Сбитая с толку, я забываю на секунду плакать. Я ожидала любого ответа, но не этого. Я поднимаю голову и нахмуриваю лоб.

— Что ты сказал?

— Я знаю об этом. Давно. — Бен вздыхает и ведет меня в гостиную. Как на автопилоте я позволяю ему себя вести, сажусь на диван.

— Ты знал? — мое сердце начинает стучать как сумасшедшее. В животе все переворачивается. Мне приходится вцепиться в подлокотники, потому что комната начинает кружиться. — Ты знал и ничего мне не сказал?

— Я... Мы не хотели тебе говорить. Не так быстро, в любом случае. Мы хотели...

— Ты говнюк! Вы говнюки! Вы мерзкие, эгоистичные... — моя рука автоматически взлетает вверх, но Бен перехватывает ее, прежде чем я смогла дать ему пощечину.

— Эй! — он пытается притянуть меня к себе, но я вырываюсь. Дергаюсь.

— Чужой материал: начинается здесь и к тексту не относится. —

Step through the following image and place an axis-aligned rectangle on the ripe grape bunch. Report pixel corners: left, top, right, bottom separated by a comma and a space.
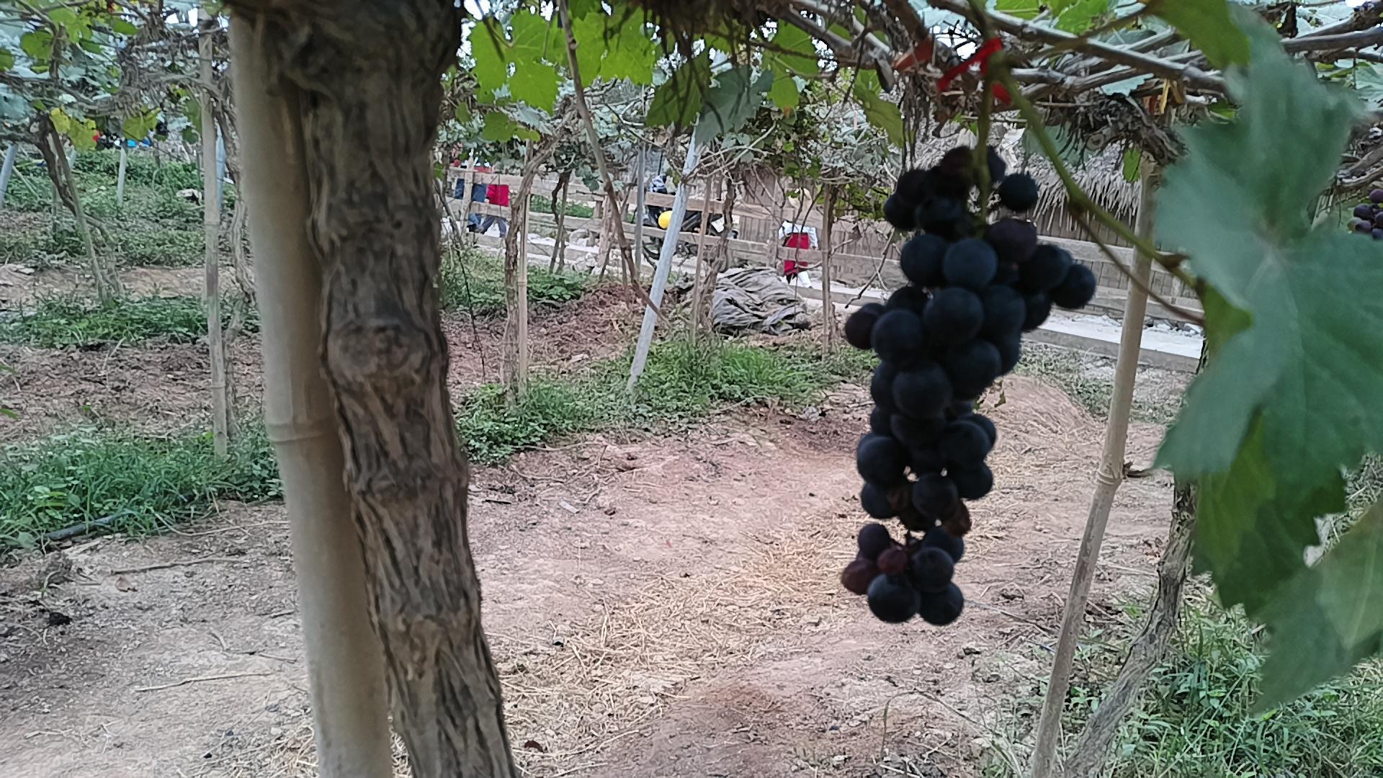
841, 146, 1095, 625
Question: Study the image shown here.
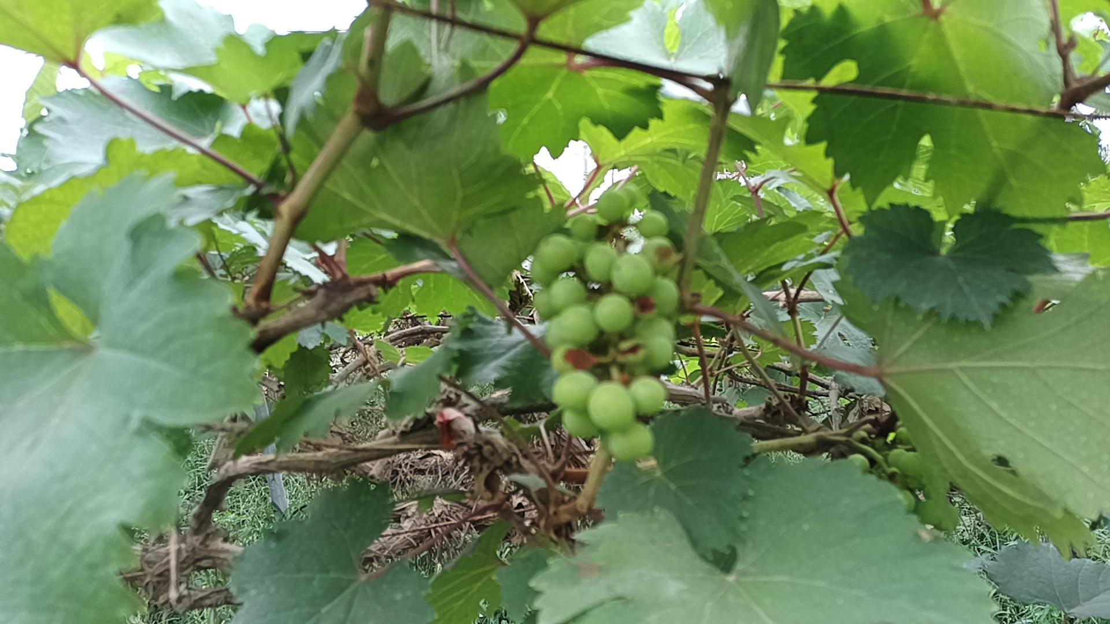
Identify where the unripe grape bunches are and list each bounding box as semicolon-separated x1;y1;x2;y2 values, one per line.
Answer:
531;188;679;460
847;426;959;531
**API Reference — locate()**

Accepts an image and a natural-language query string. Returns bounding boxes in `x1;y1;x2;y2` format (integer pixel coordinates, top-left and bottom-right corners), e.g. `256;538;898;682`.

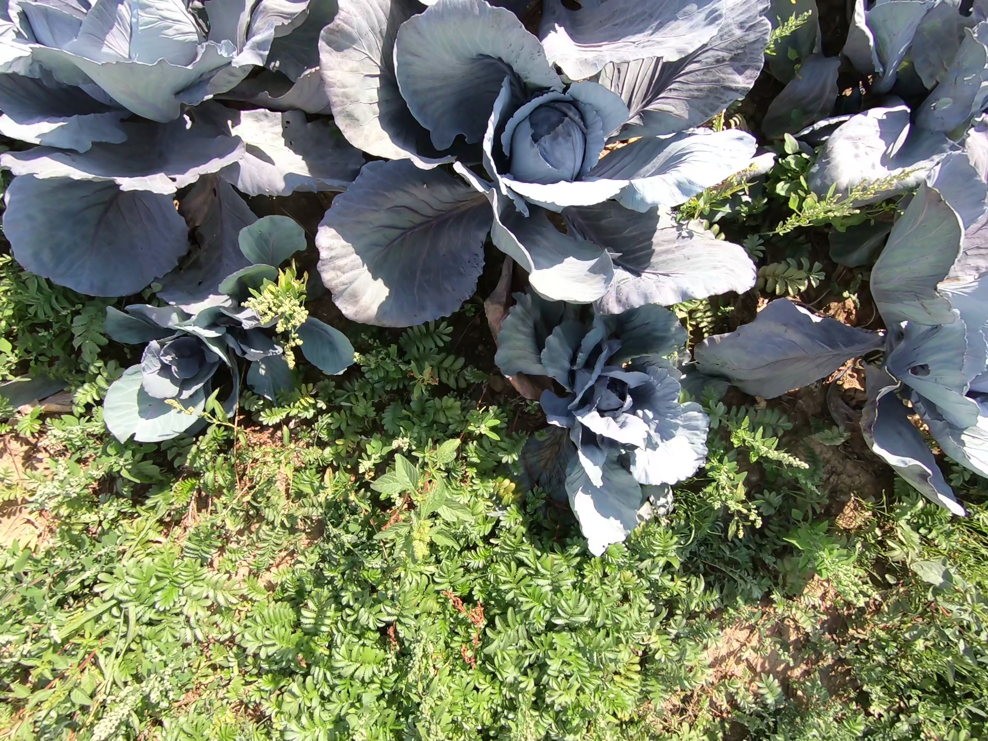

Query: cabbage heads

Кусаю его за руки, чтобы он меня отпустил.

— Вы знали об этом все время и ни о чем мне не сказали? Я... ох, дерьмо, я уже не знаю, кто я! мой голос дрожит. Я не могу поверить, что он принадлежит мне. Я не узнаю себя. Я наполнена злостью и агрессией так, как никогда в жизни до этого момента. И я выплескиваю ее на моего мужа, который крепко меня держит и пытается увернуться от моих пинаний и ударов.

Естественно у меня нет никаких шансов против него. Но все равно царапаюсь и кусаюсь, кричу и плачу от злости.

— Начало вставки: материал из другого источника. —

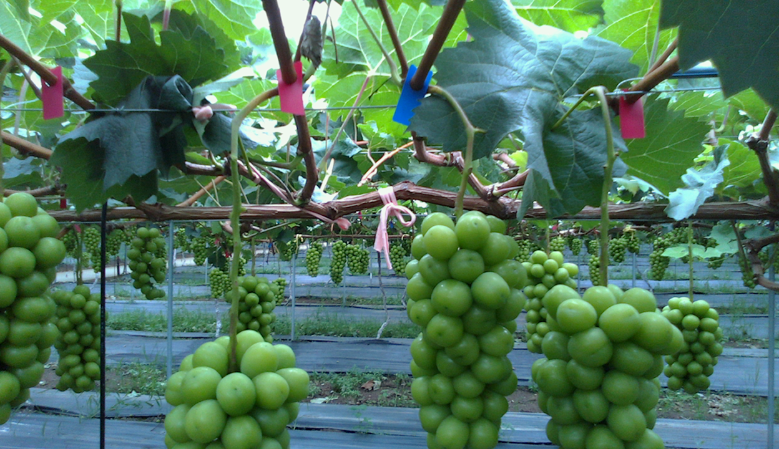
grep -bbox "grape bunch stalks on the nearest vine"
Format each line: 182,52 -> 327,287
426,85 -> 474,222
0,59 -> 17,202
597,85 -> 614,287
228,85 -> 279,374
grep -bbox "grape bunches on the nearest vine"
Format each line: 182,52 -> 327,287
531,284 -> 684,448
404,210 -> 527,448
0,191 -> 67,425
164,329 -> 308,448
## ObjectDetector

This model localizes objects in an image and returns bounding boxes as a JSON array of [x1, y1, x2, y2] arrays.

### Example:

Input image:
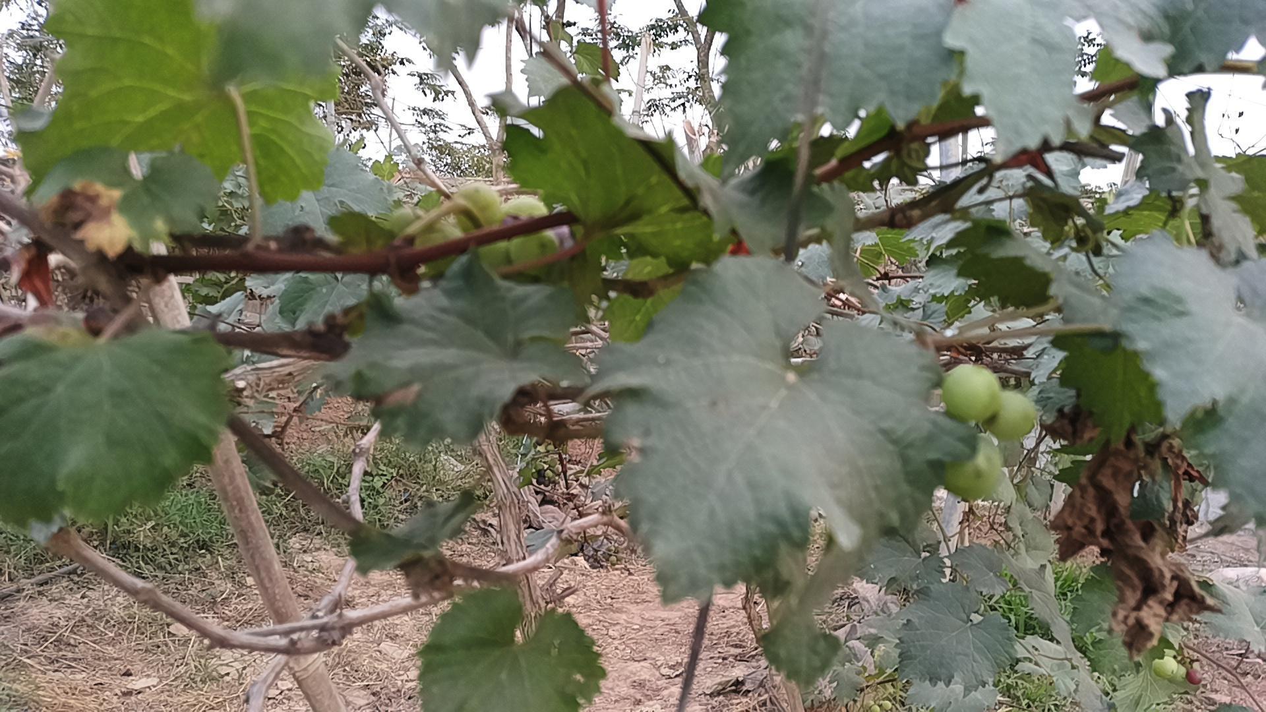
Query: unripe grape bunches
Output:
[[940, 365, 1037, 502], [388, 184, 561, 277]]
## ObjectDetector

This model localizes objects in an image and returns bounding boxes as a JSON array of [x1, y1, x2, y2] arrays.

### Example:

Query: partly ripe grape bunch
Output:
[[1153, 654, 1203, 685]]

— Миа. Мечта моя. Я люблю тебя. Эй! Мы любим тебя. Пожалуйста, Миа... — Бен пытается меня успокоить. Крепко держит мою голову, прижимая к своей груди. Он быстро дышит, я чувствую, насколько быстро стучит его сердце. - Дерьмо, Миа... — шепчет он и качает в своих руках как маленького ребенка. — Я не знал, что... Это было ошибкой. Мы совершили чудовищную ошибку. Мне так жаль. Так чертовски жаль.

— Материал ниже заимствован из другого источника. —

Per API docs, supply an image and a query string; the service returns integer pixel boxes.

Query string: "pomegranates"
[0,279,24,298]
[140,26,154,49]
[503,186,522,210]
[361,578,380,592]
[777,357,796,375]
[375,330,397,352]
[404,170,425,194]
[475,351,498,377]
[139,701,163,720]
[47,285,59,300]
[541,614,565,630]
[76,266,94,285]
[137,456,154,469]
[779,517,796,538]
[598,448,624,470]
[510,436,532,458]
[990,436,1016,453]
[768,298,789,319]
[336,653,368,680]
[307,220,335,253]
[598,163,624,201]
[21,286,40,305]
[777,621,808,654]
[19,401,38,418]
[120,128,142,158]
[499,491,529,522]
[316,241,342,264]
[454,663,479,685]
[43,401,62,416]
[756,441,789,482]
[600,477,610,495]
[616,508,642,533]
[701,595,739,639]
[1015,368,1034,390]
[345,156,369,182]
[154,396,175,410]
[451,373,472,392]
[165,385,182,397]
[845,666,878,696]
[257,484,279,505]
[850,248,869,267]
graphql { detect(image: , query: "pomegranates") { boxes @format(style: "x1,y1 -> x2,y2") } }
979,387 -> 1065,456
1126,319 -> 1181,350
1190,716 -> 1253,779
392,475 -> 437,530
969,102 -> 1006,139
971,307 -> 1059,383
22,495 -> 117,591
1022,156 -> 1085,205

— Вы свиньи, — рычу сквозь слезы. — Проклятые, мерзкие свиньи. Думали только о себе. И о своем удовольствии.

— Нет, эй, это не так. Эй! — он отстраняется и берет мое влажное лицо в ладони, пристально глядя в глаза. — Я бы в жизни этого не допустил, если бы с самого начала не знал, что он здесь только на определенное время.

— Что? — я смахиваю слезы, чтобы лучше его видеть. Пульс зашкаливает, а адреналин затуманивает мозг и делает невозможным сидеть. Я ерзаю по дивану, как ужаленная.

— Джей сказал мне это в первый же вечер. Еще когда приходил к нам на ужин, понимаешь? — Бен вздыхает. Его грудная клетка быстро поднимается и опускается, я чувствую пульс в его пальцах на моих щеках. Держит меня крепко, будто боится, что если отпустит меня, я убегу.